Your copy should match the records below exactly, except for the pictures.

◇ ◇ ◇ ◇ ◇ ◇ ◇

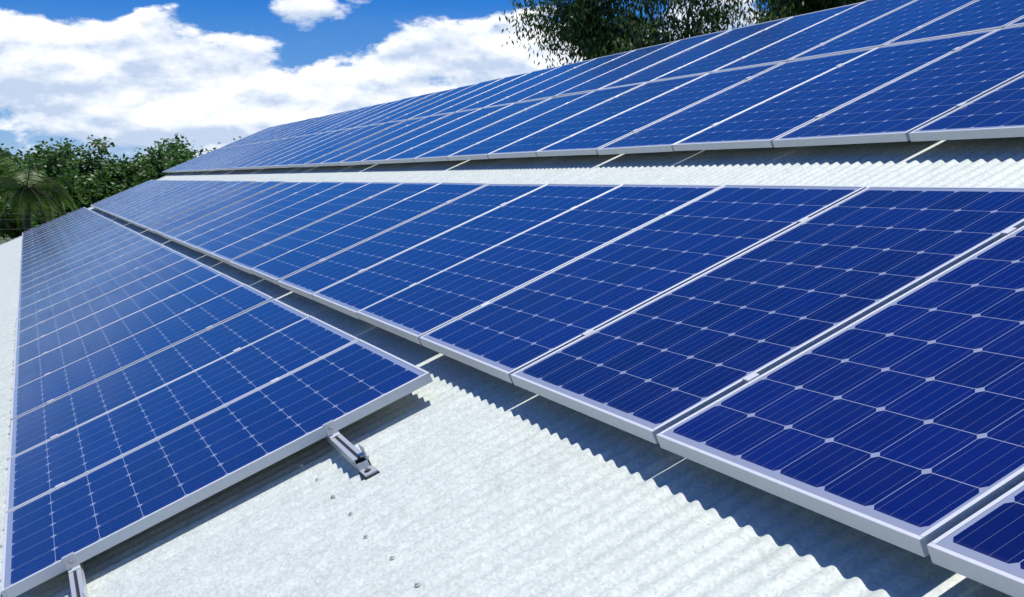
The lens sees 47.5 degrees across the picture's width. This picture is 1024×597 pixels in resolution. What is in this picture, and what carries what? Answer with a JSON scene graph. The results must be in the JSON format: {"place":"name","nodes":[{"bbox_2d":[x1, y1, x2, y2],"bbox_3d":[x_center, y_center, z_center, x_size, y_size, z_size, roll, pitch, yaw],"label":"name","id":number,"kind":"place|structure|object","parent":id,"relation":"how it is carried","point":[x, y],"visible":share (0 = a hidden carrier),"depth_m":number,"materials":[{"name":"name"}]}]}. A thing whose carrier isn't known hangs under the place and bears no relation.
{"place":"outdoors","nodes":[
{"label":"outdoors","id":0,"kind":"place"},
{"bbox_2d":[0,234,11,243],"bbox_3d":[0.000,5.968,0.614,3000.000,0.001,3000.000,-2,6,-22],"label":"ground","id":1,"kind":"structure","parent":0,"point":[4,241],"depth_m":115.73,"materials":[{"name":"green plant"}]},
{"bbox_2d":[1,147,33,241],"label":"tree","id":2,"kind":"object","parent":1,"relation":"on","point":[16,231],"visible":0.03,"depth_m":74.73,"materials":[{"name":"green plant"}]},
{"bbox_2d":[0,212,70,229],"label":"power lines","id":3,"kind":"object","parent":1,"relation":"on","point":[26,219],"visible":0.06,"depth_m":37.90,"materials":[{"name":"black metal"}]},
{"bbox_2d":[0,152,83,235],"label":"palm tree","id":4,"kind":"object","parent":1,"relation":"on","point":[27,191],"visible":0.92,"depth_m":47.69,"materials":[{"name":"green plant"}]},
{"bbox_2d":[0,143,88,238],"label":"tree","id":5,"kind":"object","parent":1,"relation":"on","point":[8,224],"visible":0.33,"depth_m":66.98,"materials":[{"name":"green plant"}]},
{"bbox_2d":[3,138,114,238],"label":"tree","id":6,"kind":"object","parent":1,"relation":"on","point":[37,147],"visible":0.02,"depth_m":76.69,"materials":[{"name":"green plant"}]},
{"bbox_2d":[0,140,127,224],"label":"tree","id":7,"kind":"object","parent":1,"relation":"on","point":[92,198],"visible":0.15,"depth_m":68.93,"materials":[{"name":"green plant"}]},
{"bbox_2d":[16,133,194,183],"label":"tree","id":8,"kind":"object","parent":1,"relation":"on","point":[101,150],"visible":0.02,"depth_m":76.97,"materials":[{"name":"green plant"}]},
{"bbox_2d":[84,138,194,206],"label":"tree","id":9,"kind":"object","parent":1,"relation":"on","point":[121,170],"visible":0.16,"depth_m":69.23,"materials":[{"name":"green plant"}]},
{"bbox_2d":[119,134,201,183],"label":"tree","id":10,"kind":"object","parent":1,"relation":"on","point":[177,141],"visible":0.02,"depth_m":80.61,"materials":[{"name":"green plant"}]},
{"bbox_2d":[126,136,240,182],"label":"tree","id":11,"kind":"object","parent":1,"relation":"on","point":[185,160],"visible":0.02,"depth_m":71.39,"materials":[{"name":"green plant"}]},
{"bbox_2d":[494,0,803,67],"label":"eucalypt tree","id":12,"kind":"object","parent":1,"relation":"on","point":[587,23],"visible":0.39,"depth_m":57.50,"materials":[{"name":"green plant"}]},
{"bbox_2d":[726,0,866,27],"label":"eucalypt tree","id":13,"kind":"object","parent":1,"relation":"on","point":[809,6],"visible":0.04,"depth_m":58.96,"materials":[{"name":"green plant"}]},
{"bbox_2d":[0,0,799,175],"label":"sky","id":14,"kind":"structure","parent":0,"point":[134,74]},
{"bbox_2d":[0,137,1023,596],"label":"roof slope","id":15,"kind":"structure","parent":0,"point":[480,483],"depth_m":3.62,"materials":[{"name":"white metal"}]},
{"bbox_2d":[61,552,88,596],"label":"mounting bracket","id":16,"kind":"object","parent":15,"relation":"on","point":[78,585],"visible":0.89,"depth_m":3.90,"materials":[{"name":"silver metal"}]},
{"bbox_2d":[322,420,379,479],"bbox_3d":[-0.588,0.522,4.146,0.060,0.112,0.533,-27,15,-18],"label":"mounting bracket","id":17,"kind":"object","parent":15,"relation":"on","point":[351,453],"visible":0.95,"depth_m":4.06,"materials":[{"name":"silver metal"}]},
{"bbox_2d":[0,0,1023,596],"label":"solar panel frames","id":18,"kind":"structure","parent":15,"relation":"on","point":[960,564],"depth_m":4.54,"materials":[{"name":"metal"}]},
{"bbox_2d":[4,0,1023,588],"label":"solar panels","id":19,"kind":"object","parent":18,"relation":"on","point":[906,412],"visible":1,"depth_m":5.19,"materials":[{"name":"blue glass"}]}
]}

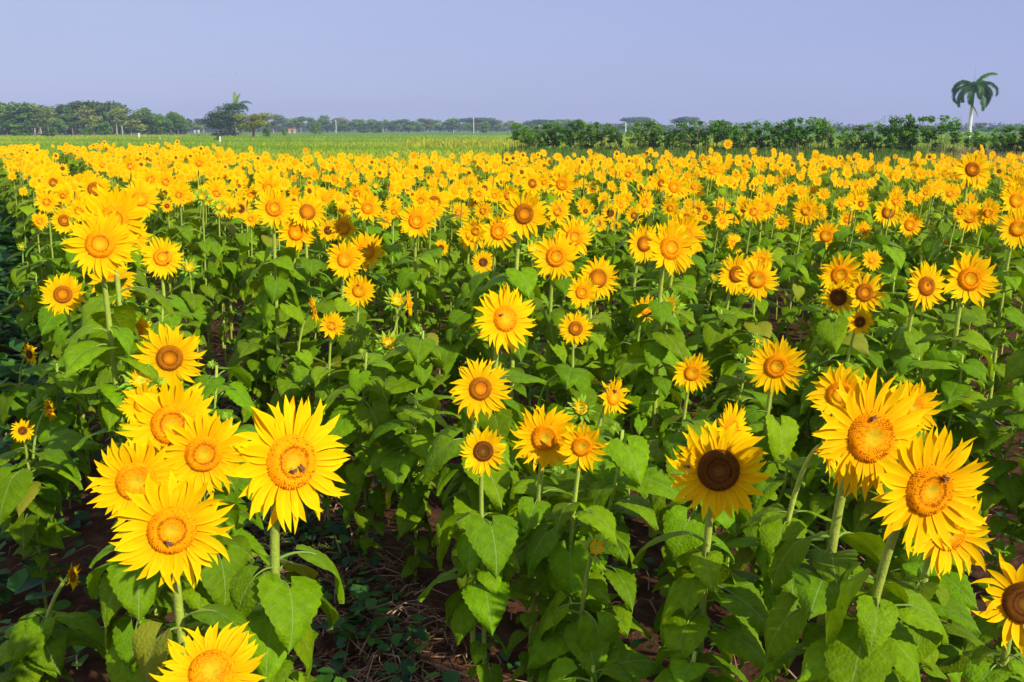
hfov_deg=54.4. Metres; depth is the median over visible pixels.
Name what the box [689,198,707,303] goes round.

◇ ◇ ◇ ◇ ◇ ◇ ◇

COMPLETED TASK
The lens sees 47.5 degrees across the picture's width. This picture is 1024×597 pixels in resolution. What is in this picture, and what carries what? Answer with a JSON scene graph. The results must be in the JSON format: {"place":"name","nodes":[{"bbox_2d":[x1, y1, x2, y2],"bbox_3d":[x_center, y_center, z_center, x_size, y_size, z_size, roll, pitch, yaw],"label":"name","id":number,"kind":"place|structure|object","parent":id,"relation":"how it is carried","point":[x, y],"visible":share (0 = a hidden carrier),"depth_m":number,"materials":[{"name":"name"}]}]}. A thing whose carrier isn't known hangs under the place and bears no relation.
{"place":"outdoors","nodes":[
{"label":"outdoors","id":0,"kind":"place"},
{"bbox_2d":[0,234,11,243],"bbox_3d":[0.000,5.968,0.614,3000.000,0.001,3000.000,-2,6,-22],"label":"ground","id":1,"kind":"structure","parent":0,"point":[4,241],"depth_m":115.73,"materials":[{"name":"green plant"}]},
{"bbox_2d":[1,147,33,241],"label":"tree","id":2,"kind":"object","parent":1,"relation":"on","point":[16,231],"visible":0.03,"depth_m":74.73,"materials":[{"name":"green plant"}]},
{"bbox_2d":[0,212,70,229],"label":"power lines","id":3,"kind":"object","parent":1,"relation":"on","point":[26,219],"visible":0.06,"depth_m":37.90,"materials":[{"name":"black metal"}]},
{"bbox_2d":[0,152,83,235],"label":"palm tree","id":4,"kind":"object","parent":1,"relation":"on","point":[27,191],"visible":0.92,"depth_m":47.69,"materials":[{"name":"green plant"}]},
{"bbox_2d":[0,143,88,238],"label":"tree","id":5,"kind":"object","parent":1,"relation":"on","point":[8,224],"visible":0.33,"depth_m":66.98,"materials":[{"name":"green plant"}]},
{"bbox_2d":[3,138,114,238],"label":"tree","id":6,"kind":"object","parent":1,"relation":"on","point":[37,147],"visible":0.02,"depth_m":76.69,"materials":[{"name":"green plant"}]},
{"bbox_2d":[0,140,127,224],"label":"tree","id":7,"kind":"object","parent":1,"relation":"on","point":[92,198],"visible":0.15,"depth_m":68.93,"materials":[{"name":"green plant"}]},
{"bbox_2d":[16,133,194,183],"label":"tree","id":8,"kind":"object","parent":1,"relation":"on","point":[101,150],"visible":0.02,"depth_m":76.97,"materials":[{"name":"green plant"}]},
{"bbox_2d":[84,138,194,206],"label":"tree","id":9,"kind":"object","parent":1,"relation":"on","point":[121,170],"visible":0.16,"depth_m":69.23,"materials":[{"name":"green plant"}]},
{"bbox_2d":[119,134,201,183],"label":"tree","id":10,"kind":"object","parent":1,"relation":"on","point":[177,141],"visible":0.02,"depth_m":80.61,"materials":[{"name":"green plant"}]},
{"bbox_2d":[126,136,240,182],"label":"tree","id":11,"kind":"object","parent":1,"relation":"on","point":[185,160],"visible":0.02,"depth_m":71.39,"materials":[{"name":"green plant"}]},
{"bbox_2d":[494,0,803,67],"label":"eucalypt tree","id":12,"kind":"object","parent":1,"relation":"on","point":[587,23],"visible":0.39,"depth_m":57.50,"materials":[{"name":"green plant"}]},
{"bbox_2d":[726,0,866,27],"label":"eucalypt tree","id":13,"kind":"object","parent":1,"relation":"on","point":[809,6],"visible":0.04,"depth_m":58.96,"materials":[{"name":"green plant"}]},
{"bbox_2d":[0,0,799,175],"label":"sky","id":14,"kind":"structure","parent":0,"point":[134,74]},
{"bbox_2d":[0,137,1023,596],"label":"roof slope","id":15,"kind":"structure","parent":0,"point":[480,483],"depth_m":3.62,"materials":[{"name":"white metal"}]},
{"bbox_2d":[61,552,88,596],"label":"mounting bracket","id":16,"kind":"object","parent":15,"relation":"on","point":[78,585],"visible":0.89,"depth_m":3.90,"materials":[{"name":"silver metal"}]},
{"bbox_2d":[322,420,379,479],"bbox_3d":[-0.588,0.522,4.146,0.060,0.112,0.533,-27,15,-18],"label":"mounting bracket","id":17,"kind":"object","parent":15,"relation":"on","point":[351,453],"visible":0.95,"depth_m":4.06,"materials":[{"name":"silver metal"}]},
{"bbox_2d":[0,0,1023,596],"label":"solar panel frames","id":18,"kind":"structure","parent":15,"relation":"on","point":[960,564],"depth_m":4.54,"materials":[{"name":"metal"}]},
{"bbox_2d":[4,0,1023,588],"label":"solar panels","id":19,"kind":"object","parent":18,"relation":"on","point":[906,412],"visible":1,"depth_m":5.19,"materials":[{"name":"blue glass"}]}
]}

hfov_deg=54.4. Metres; depth is the median over visible pixels.
Name what the box [689,198,707,303] goes round.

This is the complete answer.